Spoiler: this post is about Docker storage drivers. Not volume storage drivers, but how Docker implements the files inside every container.
Background: as part of our drive to deliver high-quality software, we maintain a set of integration tests, or “smoke-tests” as we like to call them. Weave Net’s key job is to link containers on multiple machines, so we use Vagrant to set up three small VMs and then run a barrage of tests to exercise every feature. Originally, there were just a couple of tests, and the whole thing ran through in a minute or so.
Problem: after months of sustained development the tests suite had grown until it was taking over 20 minutes to run everything.
My development machine is not too anaemic, with 12GB of RAM, an Intel Core i5 and an SSD, but while the tests were running it often ground to a halt. All in all, this state of affairs discouraged running the tests, which is really not where you want to be as a software engineer.
So, what was the bottleneck? Basic system monitoring showed that I wasn’t running out of CPU or RAM, but the disk was taking quite a pounding – regularly showing write rates of 70-80MB/sec. More detailed investigation with iotop showed it was Docker driving all this disk I/O, as it set up the filesystem when each container was started. And we were starting a lot of containers.
Now, vague memories started to surface, that Docker had different ways of approaching this. First port of call was the Docker documentation, but frankly it is clear as mud. Further web-searching turned up a Red Hat paper which looks promising, but it still seems to dive in quite deeply. After much reading, I learned that the basic idea is that Docker will use a copy-on-write technique to set up container filesystems, and there are different ways of doing this with different trade-offs.
Which storage driver are we even using? The
docker info command will tell us:
vagrant@host1:~$ sudo docker info Containers: 0 Images: 24 Storage Driver: vfs ...
We’re using vfs. Vfs? That doesn’t even appear as an option in the documentation! Luckily Jérôme Petazzoni’s excellent Not-so-deep dive into Docker storage drivers explains it as a last-ditch basic alternative that is used when nothing else works. Not so much copy-on-write as plain copy: using vfs meant that Docker did a full copy of every file in the image for every container we started. No wonder it was slow.
OK, let’s get something else working! Based on what I’d read, I picked devicemapper first. Put in the option, restart docker, and it stops immediately.
Udev sync is not supported. This will lead to unexpected behavior, data loss and errors. For more information, see https://docs.docker.com/reference/commandline/cli/#daemon-storage-driver-option
Hmm. That link is out of date, but I tracked down this issue which explains that you shouldn’t use devicemapper with the Docker binary supplied for Ubuntu by Docker. I can try building my own Docker binary, apparently, but there’s lots of choices of storage driver so let’s just move on.
apt-get install -y linux-image-extra-`uname -r`
vagrant@host1:~$ sudo docker info Containers: 0 Images: 0 Storage Driver: aufs Root Dir: /var/lib/docker/aufs Backing Filesystem: extfs
Note that any container images you had stored will disappear when you change the storage driver. Not a problem for our test setup, where I was rebuilding from scratch via Vagrant every time, but worth knowing if you’re keeping something important.
Moving to AUFS got my test runs down around 6-7 minutes, which was great, but is there a way to get something both fast and supported?

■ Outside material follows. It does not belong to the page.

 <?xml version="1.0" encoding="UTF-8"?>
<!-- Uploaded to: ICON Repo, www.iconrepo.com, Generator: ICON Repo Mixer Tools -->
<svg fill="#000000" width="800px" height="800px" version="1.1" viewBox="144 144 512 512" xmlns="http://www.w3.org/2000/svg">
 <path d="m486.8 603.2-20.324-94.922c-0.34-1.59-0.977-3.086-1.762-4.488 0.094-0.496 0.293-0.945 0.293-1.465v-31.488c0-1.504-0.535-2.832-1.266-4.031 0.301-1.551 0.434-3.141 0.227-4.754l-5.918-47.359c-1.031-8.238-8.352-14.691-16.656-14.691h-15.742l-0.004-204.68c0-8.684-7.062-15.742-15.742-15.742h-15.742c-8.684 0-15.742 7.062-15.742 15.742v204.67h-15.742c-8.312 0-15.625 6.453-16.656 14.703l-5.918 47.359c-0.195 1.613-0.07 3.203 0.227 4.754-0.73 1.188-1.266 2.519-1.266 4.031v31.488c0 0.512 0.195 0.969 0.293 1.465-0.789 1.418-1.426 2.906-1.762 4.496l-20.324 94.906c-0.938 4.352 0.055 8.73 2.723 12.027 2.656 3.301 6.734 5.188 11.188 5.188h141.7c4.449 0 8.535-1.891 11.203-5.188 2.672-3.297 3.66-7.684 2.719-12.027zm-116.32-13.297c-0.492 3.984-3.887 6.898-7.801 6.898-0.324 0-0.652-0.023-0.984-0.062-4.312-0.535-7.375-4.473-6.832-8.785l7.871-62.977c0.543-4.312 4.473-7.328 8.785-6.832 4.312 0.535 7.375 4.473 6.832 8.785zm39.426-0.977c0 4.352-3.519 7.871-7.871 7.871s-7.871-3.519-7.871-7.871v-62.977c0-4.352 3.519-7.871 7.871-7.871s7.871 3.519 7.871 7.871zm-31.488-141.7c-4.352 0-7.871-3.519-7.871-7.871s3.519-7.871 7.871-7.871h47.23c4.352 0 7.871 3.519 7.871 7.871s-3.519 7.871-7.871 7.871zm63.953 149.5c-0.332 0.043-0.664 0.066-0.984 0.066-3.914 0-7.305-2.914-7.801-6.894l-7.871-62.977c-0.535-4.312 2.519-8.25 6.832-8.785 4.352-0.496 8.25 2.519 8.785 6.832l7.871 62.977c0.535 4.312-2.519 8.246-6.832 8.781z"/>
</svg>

Enter the overlay driver. Jérôme describes overlay as “just like AUFS”, but the key difference is that overlay has been merged into the mainline Linux kernel. Chris Swan has a neat blog post showing how you can install the necessary kernel version on Ubuntu 14, but I just decided to switch to Ubuntu 15 which has the necessary 3.18 kernel in the box.
We need to add the option
-s overlay to the Docker daemon command-line, which I did by editing
/lib/systemd/system/docker.service, and we’re away:
vagrant@host2:~$ sudo docker info Containers: 0 Images: 0 Storage Driver: overlay Backing Filesystem: extfs
The test suite now runs pretty consistently around 6 minutes 30 seconds, and my machine no longer grinds to a halt under the load. Result!